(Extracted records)
——————————
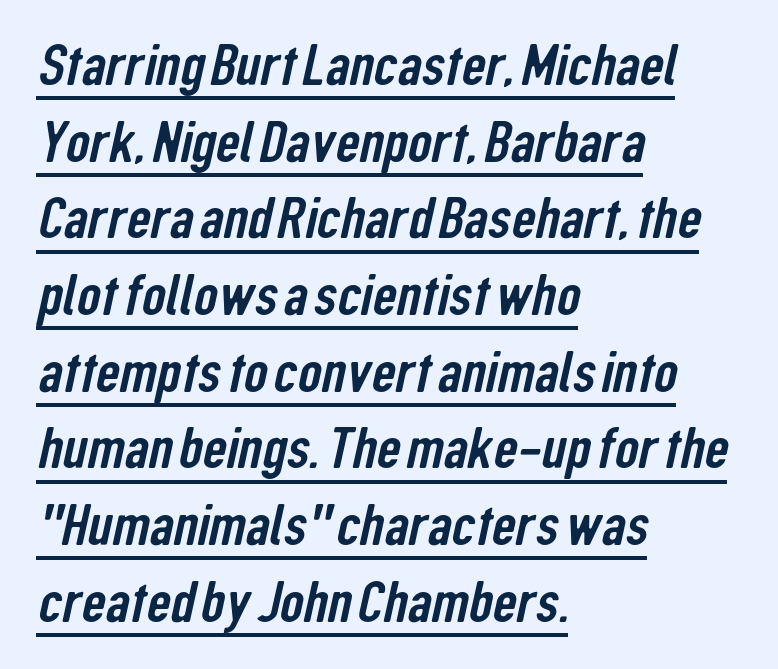
Q: Is the typeface a serif or a sans-serif typeface? A: Sans-serif.
Q: Is the text underlined? A: Yes.
Q: How is the paragraph aligned? A: Left-aligned.
Q: Is the spacing between letters normal or unusually wide? A: Normal.
Q: Is the spacing between lines tight, normal or loose? A: Normal.
Q: Width (condensed, normal, or wide)? A: Condensed.
Q: Stroke contrast? A: Low.
Q: x-height? A: Medium.
Q: Monospaced? A: No.
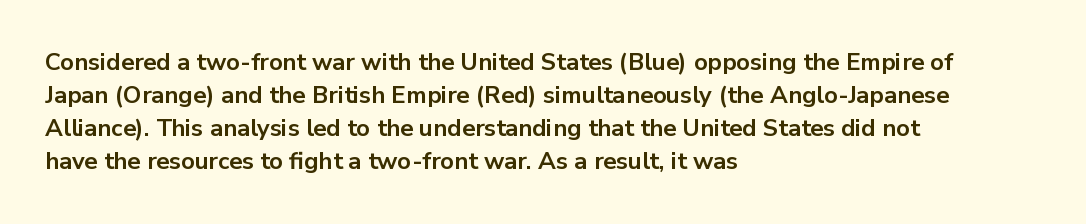
The image shows 24 px bold type, upright; set left-aligned, normal line spacing (1.38x), normal letter spacing, not underlined.
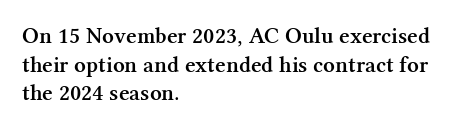
Q: Is the text bold? A: Semi-bold.
Q: Is the text italic (slanted)? A: No, it is upright.
Q: Is the text underlined? A: No.
Q: How is the paragraph aligned? A: Left-aligned.
Q: Is the spacing between letters normal or unusually wide? A: Normal.
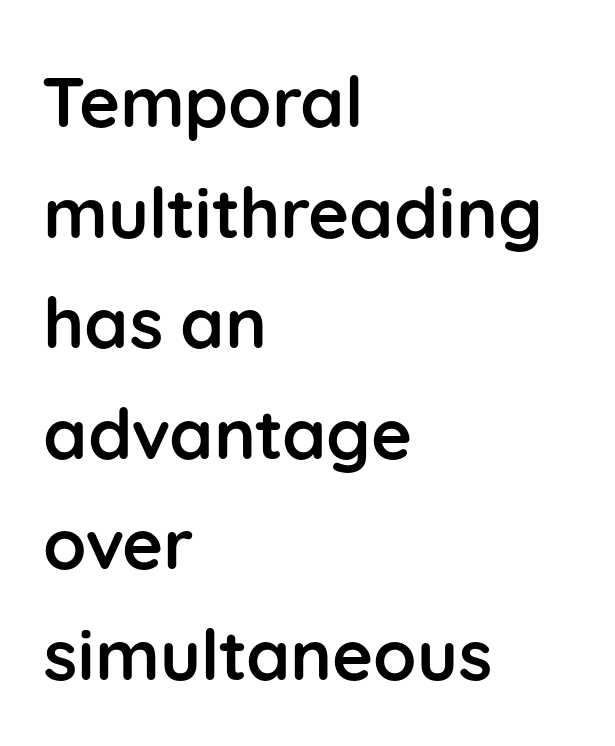
Heavy, bold letterforms. The face used here is proportionally spaced, like ordinary book or web type. Type style note: lacks serifs. This rendering features lettering with no underline. These lines keep a tight, regular rhythm from letter to letter.
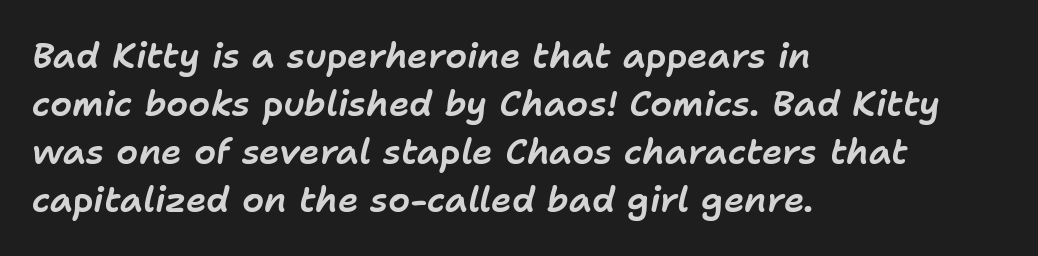
Q: Is the text italic (slanted)? A: Yes, it leans right by about 11 degrees.
Q: Is the text underlined? A: No.
Q: How is the paragraph aligned? A: Left-aligned.
Q: Is the spacing between letters normal or unusually wide? A: Normal.
Q: Is the spacing between lines tight, normal or loose? A: Normal.
Q: Width (condensed, normal, or wide)? A: Normal.
Q: Stroke contrast? A: Low.
Q: x-height? A: Medium.
Q: Monospaced? A: No.
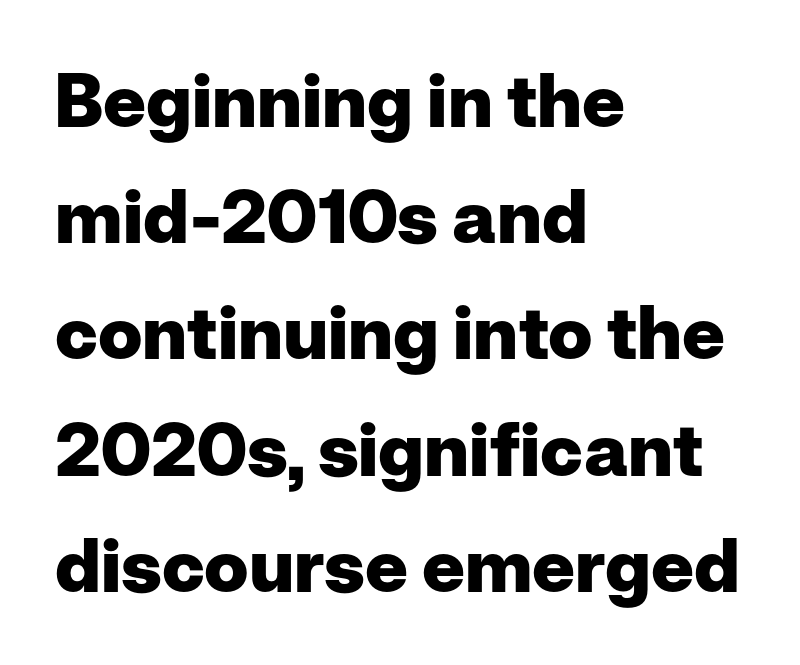
Q: Is the text bold? A: Yes.
Q: Is the text italic (slanted)? A: No, it is upright.
Q: Is the typeface a serif or a sans-serif typeface? A: Sans-serif.
Q: Is the text underlined? A: No.
Q: How is the paragraph aligned? A: Left-aligned.
Q: Is the spacing between letters normal or unusually wide? A: Normal.
Q: Is the spacing between lines tight, normal or loose? A: Normal.
Q: Width (condensed, normal, or wide)? A: Normal.
Q: Stroke contrast? A: Low.
Q: x-height? A: Medium.
Q: Monospaced? A: No.
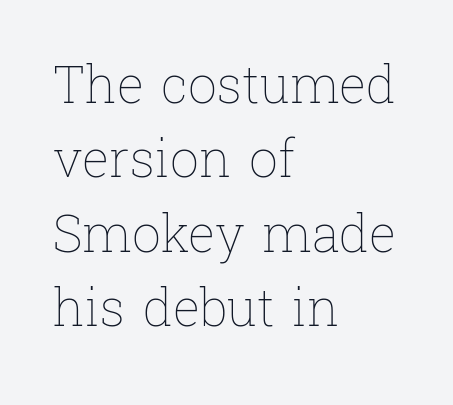
The image shows 51 px thin type, upright; set left-aligned, normal line spacing (1.46x), normal letter spacing, not underlined; low stroke contrast and a medium x-height.
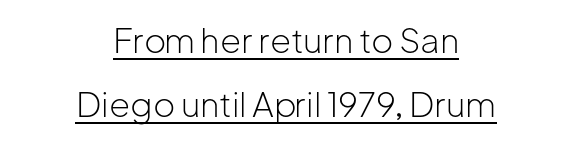
Q: Is the text bold? A: No.
Q: Is the text italic (slanted)? A: No, it is upright.
Q: Is the typeface a serif or a sans-serif typeface? A: Sans-serif.
Q: Is the text underlined? A: Yes.
Q: How is the paragraph aligned? A: Centered.
Q: Is the spacing between letters normal or unusually wide? A: Normal.
Q: Width (condensed, normal, or wide)? A: Normal.
Q: Stroke contrast? A: Low.
Q: x-height? A: Medium.
Q: Monospaced? A: No.
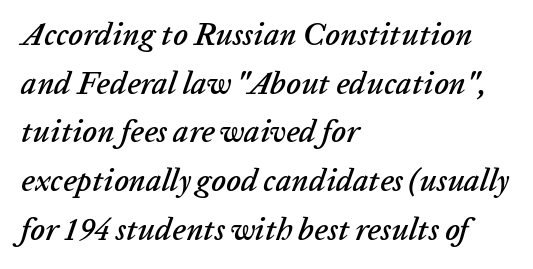
Q: Is the text italic (slanted)? A: Yes, it leans right by about 20 degrees.
Q: Is the text underlined? A: No.
Q: How is the paragraph aligned? A: Left-aligned.
Q: Is the spacing between letters normal or unusually wide? A: Normal.
Q: Is the spacing between lines tight, normal or loose? A: Normal.
Q: Width (condensed, normal, or wide)? A: Normal.
Q: Stroke contrast? A: Low.
Q: x-height? A: Medium.
Q: Monospaced? A: No.
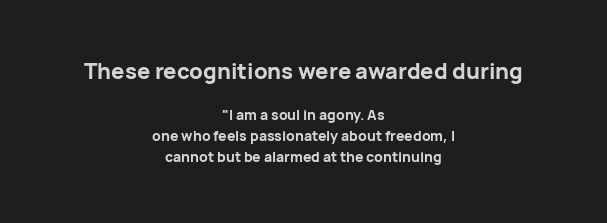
——————————
ASSIGNED TASK: Your reply is the full set of entries reproduced exactly, with images omitted.

SOLUTION FOR THIS PROBLEM:
Q: Is the typeface a serif or a sans-serif typeface? A: Sans-serif.
Q: Is the text underlined? A: Yes.
Q: How is the paragraph aligned? A: Left-aligned.
Q: Is the spacing between letters normal or unusually wide? A: Normal.
Q: Is the spacing between lines tight, normal or loose? A: Normal.
Q: Width (condensed, normal, or wide)? A: Condensed.
Q: Stroke contrast? A: Low.
Q: x-height? A: Medium.
Q: Monospaced? A: No.
The image shows 24 px bold type, upright; set left-aligned, normal line spacing (1.38x), normal letter spacing, not underlined.
Q: Is the text bold? A: Semi-bold.
Q: Is the text italic (slanted)? A: No, it is upright.
Q: Is the text underlined? A: No.
Q: How is the paragraph aligned? A: Left-aligned.
Q: Is the spacing between letters normal or unusually wide? A: Normal.
Heavy, bold letterforms. The face used here is proportionally spaced, like ordinary book or web type. Type style note: lacks serifs. This rendering features lettering with no underline. These lines keep a tight, regular rhythm from letter to letter.
Q: Is the text italic (slanted)? A: Yes, it leans right by about 11 degrees.
Q: Is the text underlined? A: No.
Q: How is the paragraph aligned? A: Left-aligned.
Q: Is the spacing between letters normal or unusually wide? A: Normal.
Q: Is the spacing between lines tight, normal or loose? A: Normal.
Q: Width (condensed, normal, or wide)? A: Normal.
Q: Stroke contrast? A: Low.
Q: x-height? A: Medium.
Q: Monospaced? A: No.
Q: Is the text bold? A: Yes.
Q: Is the text italic (slanted)? A: No, it is upright.
Q: Is the typeface a serif or a sans-serif typeface? A: Sans-serif.
Q: Is the text underlined? A: No.
Q: How is the paragraph aligned? A: Left-aligned.
Q: Is the spacing between letters normal or unusually wide? A: Normal.
Q: Is the spacing between lines tight, normal or loose? A: Normal.
Q: Width (condensed, normal, or wide)? A: Normal.
Q: Stroke contrast? A: Low.
Q: x-height? A: Medium.
Q: Monospaced? A: No.
The image shows 51 px thin type, upright; set left-aligned, normal line spacing (1.46x), normal letter spacing, not underlined; low stroke contrast and a medium x-height.
Q: Is the text bold? A: No.
Q: Is the text italic (slanted)? A: No, it is upright.
Q: Is the typeface a serif or a sans-serif typeface? A: Sans-serif.
Q: Is the text underlined? A: Yes.
Q: How is the paragraph aligned? A: Centered.
Q: Is the spacing between letters normal or unusually wide? A: Normal.
Q: Width (condensed, normal, or wide)? A: Normal.
Q: Stroke contrast? A: Low.
Q: x-height? A: Medium.
Q: Monospaced? A: No.
Q: Is the text italic (slanted)? A: Yes, it leans right by about 20 degrees.
Q: Is the text underlined? A: No.
Q: How is the paragraph aligned? A: Left-aligned.
Q: Is the spacing between letters normal or unusually wide? A: Normal.
Q: Is the spacing between lines tight, normal or loose? A: Normal.
Q: Width (condensed, normal, or wide)? A: Normal.
Q: Stroke contrast? A: Low.
Q: x-height? A: Medium.
Q: Monospaced? A: No.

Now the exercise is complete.